In recent hours small windows have been opened to possible solutions: President Puigdemont’s offer of independence declaration suspended pending dialogue, which leaves him in a difficult position with his partners; the acceptance by President Rajoy of opening the debate of a reform of the Constitution, to which they were radically denied until this moment, delaying the taking of drastic measures against the Catalan self-government that its hardest bases demand. It seems that something has moved towards sanity and hope that they are more than imposed positions to cause the other to be burdened with the fault of the disaster that we are faced with if not. The great media repercussion of everything does not facilitate the serene dialogue that is now needed and puts great pressure on the political actors. There are enormous obstacles to be removed and bases to be reestablished: respect for the political institutions of Catalonia, half of whose Parliament is being denied by the independence majority; the acceptance to discuss without preconditions by any of the parties, in the debate on the reform of the Constitution; the neutrality of institutions that have recently been distorted from their role of arbitration and have been used on the one hand; a greater impartiality and informative rigor that puts in its place what happens, without distorting the facts in favour of any side beyond what the events themselves show.

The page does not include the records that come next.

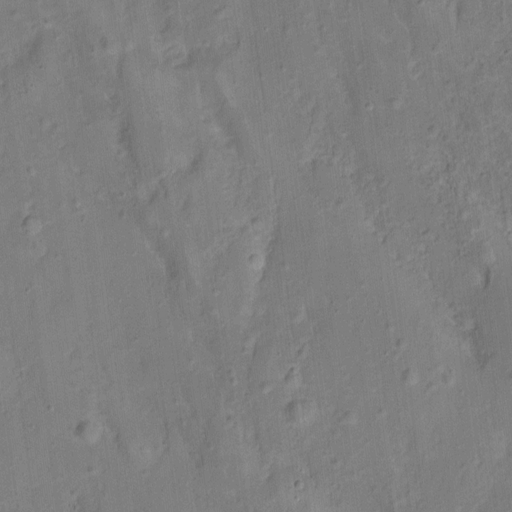
Classes present: Background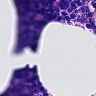
Metastatic tissue present: no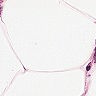
Metastatic tissue present: no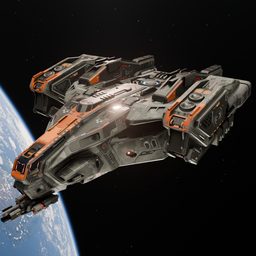
Label: mechanical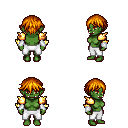
a pixel art fantasy rpg character, female body template, orc, green skin, gold arm armor, white pants, dark blonde short bangs hairstyle, white cloth bracers, four views (front, back, left, right), 2x2 character sprite sheet, small pixel art, hard edges, no anti-aliasing

For this delicate process to be undertaken, we should begin not only to try not to warm up the environment but to acknowledge the mistakes made by all, alleviating the traumas that have arisen: there is too much emotion and too many feelings hurt by both parties and torpedoes, irregularities and illegalities have been committed, also on both sides. Something we have heard these days: the apology of the delegate of the Central Government for the police excesses, the recognition by the spokesman of Esquerra Republicana de Catalunya in the Cortes de Madrid that in the Parlament of Barcelona the legislation and the parliamentary rules had been broken…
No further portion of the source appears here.